## PROVIDED DATA
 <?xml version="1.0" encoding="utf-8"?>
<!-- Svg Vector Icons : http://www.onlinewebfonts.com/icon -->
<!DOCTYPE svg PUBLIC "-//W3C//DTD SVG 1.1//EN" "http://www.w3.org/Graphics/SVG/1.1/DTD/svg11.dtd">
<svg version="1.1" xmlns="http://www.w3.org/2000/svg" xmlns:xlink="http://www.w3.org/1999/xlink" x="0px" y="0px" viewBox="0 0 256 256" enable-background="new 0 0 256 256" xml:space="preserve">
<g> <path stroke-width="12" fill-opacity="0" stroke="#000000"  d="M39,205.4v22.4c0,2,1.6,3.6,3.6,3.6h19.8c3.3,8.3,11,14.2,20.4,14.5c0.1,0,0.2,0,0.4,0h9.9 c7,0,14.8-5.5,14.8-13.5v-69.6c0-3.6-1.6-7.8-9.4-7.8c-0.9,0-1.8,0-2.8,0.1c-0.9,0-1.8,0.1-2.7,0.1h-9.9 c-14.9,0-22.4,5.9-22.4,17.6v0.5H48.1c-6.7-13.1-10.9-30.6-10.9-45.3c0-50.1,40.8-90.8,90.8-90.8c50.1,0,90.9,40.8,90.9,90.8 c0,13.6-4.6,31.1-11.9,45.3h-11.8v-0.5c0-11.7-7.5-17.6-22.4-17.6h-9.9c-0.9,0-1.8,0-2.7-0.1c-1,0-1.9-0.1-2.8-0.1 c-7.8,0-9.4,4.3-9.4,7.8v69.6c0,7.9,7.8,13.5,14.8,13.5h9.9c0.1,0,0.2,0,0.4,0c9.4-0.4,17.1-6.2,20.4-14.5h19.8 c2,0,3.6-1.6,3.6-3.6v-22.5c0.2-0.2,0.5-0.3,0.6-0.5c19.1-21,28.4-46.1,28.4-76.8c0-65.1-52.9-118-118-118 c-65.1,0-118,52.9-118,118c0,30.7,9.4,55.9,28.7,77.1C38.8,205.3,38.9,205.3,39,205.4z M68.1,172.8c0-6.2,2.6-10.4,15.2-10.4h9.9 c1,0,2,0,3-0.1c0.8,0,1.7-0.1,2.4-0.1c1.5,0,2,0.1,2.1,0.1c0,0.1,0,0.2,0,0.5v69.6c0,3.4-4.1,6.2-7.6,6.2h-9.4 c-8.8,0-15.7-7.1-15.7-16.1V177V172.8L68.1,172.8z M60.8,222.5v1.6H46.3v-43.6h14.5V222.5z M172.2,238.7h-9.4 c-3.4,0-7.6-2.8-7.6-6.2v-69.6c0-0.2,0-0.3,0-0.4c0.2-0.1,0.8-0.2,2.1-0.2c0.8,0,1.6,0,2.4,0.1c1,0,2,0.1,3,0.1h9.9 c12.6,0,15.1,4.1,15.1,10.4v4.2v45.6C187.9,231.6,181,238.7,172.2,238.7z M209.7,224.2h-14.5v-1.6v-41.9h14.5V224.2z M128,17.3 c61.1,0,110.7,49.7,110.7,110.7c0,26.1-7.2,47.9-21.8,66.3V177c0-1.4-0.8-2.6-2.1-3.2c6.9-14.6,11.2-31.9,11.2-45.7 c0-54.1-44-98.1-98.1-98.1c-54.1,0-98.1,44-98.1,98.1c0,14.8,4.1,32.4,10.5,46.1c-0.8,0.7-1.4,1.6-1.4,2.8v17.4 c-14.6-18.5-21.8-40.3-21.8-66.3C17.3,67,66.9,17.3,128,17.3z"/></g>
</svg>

## TASK TO COMPLETE
Search the data above for the string "version" and report each line that holds it.

## ANSWER SECTION
 <?xml version="1.0" encoding="utf-8"?>
<svg version="1.1" xmlns="http://www.w3.org/2000/svg" xmlns:xlink="http://www.w3.org/1999/xlink" x="0px" y="0px" viewBox="0 0 256 256" enable-background="new 0 0 256 256" xml:space="preserve">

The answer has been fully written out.